Pedro García

Personal information
- Full name: Pedro Alejandro García de la Cruz
- Date of birth: 14 March 1974 (age 51)
- Place of birth: Pisco, Peru
- Height: 1.65 m (5 ft 5 in)
- Position(s): Second striker Attacking midfielder

Senior career*
- Years: Team / Apps / (Gls)
- 1993: Alianza Lima / 0 / (0)
- 1994: América Cochahuayco / 0 / (0)
- 1995: Alcides Vigo / 0 / (0)
- 1996–1999: Alianza Lima / 56 / (1)
- 2000: América Cochahuayco / 0 / (0)
- 2001–2004: Alianza Atlético / 107 / (52)
- 2005–2010: Universidad San Martín / 217 / (71)
- 2011: Universitario de Deportes / 6 / (1)
- 2012: León de Huánuco / 20 / (3)
- 2013: Alfonso Ugarte / 11 / (3)
- 2013: Sport Huancayo / 8 / (0)
- 2014: Sport Boys / 14 / (1)
- Total:  / 439 / (132)

International career
- 2000–2009: Peru / 19 / (2)

= Pedro García (footballer, born 1974) =

Peruvian footballer

Pedro Alejandro García de la Cruz (born 14 March 1974) is a Peruvian former professional footballer who played as a second striker or attacking midfielder.

==Club career==
García was born in Pisco. He played for Universidad San Martín and Universitario de Deportes.

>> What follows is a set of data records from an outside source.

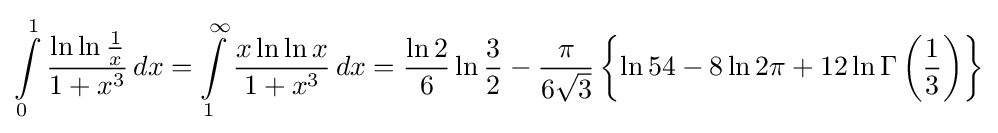
\int \limits _{0}^{1}{\frac {\ln \ln {\frac {1}{x}}}{1+x^{3}}}\,dx=\int \limits _{1}^{\infty }{\frac {x\ln \ln x}{1+x^{3}}}\,dx={\frac {\ln 2}{6}}\ln {\frac {3}{2}}-{\frac {\pi }{6{\sqrt {3}}}}\left\{\ln 54-8\ln 2\pi +12\ln \Gamma \left({\frac {1}{3}}\right)\right\}
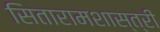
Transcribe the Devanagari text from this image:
सितारामशास्त्री
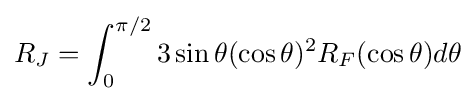
R_{J}=\int _{0}^{\pi /2}3\sin \theta (\cos \theta )^{2}R_{F}(\cos \theta )d\theta
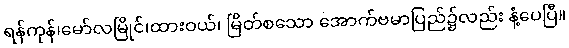
ရန်ကုန်၊မော်လမြိုင်၊ထားဝယ်၊ မြိတ်စသော အောက်ဗမာပြည်၌လည်း နံ့ပေပြီ။
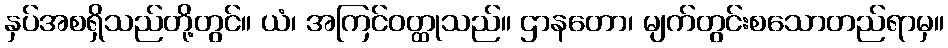
နှပ်အစရှိသည်တို့တွင်။ ယံ၊ အကြင်ဝတ္ထုသည်။ ဌာနတော၊ မျက်တွင်းစသောတည်ရာမှ။
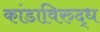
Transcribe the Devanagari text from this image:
कांडाविरुद्ध

In January 2012, García had his contract with Universitario de Deportes rescinded by the Peruvian Football Federation due to seven months of unpaid wages. He joined León de Huánuco along with former Universitario teammate Johan Vásquez for the start of the 2012 Torneo Descentralizado season.

==International career==
García made 19 appearances for the Peru national team, including the Copa América 2007.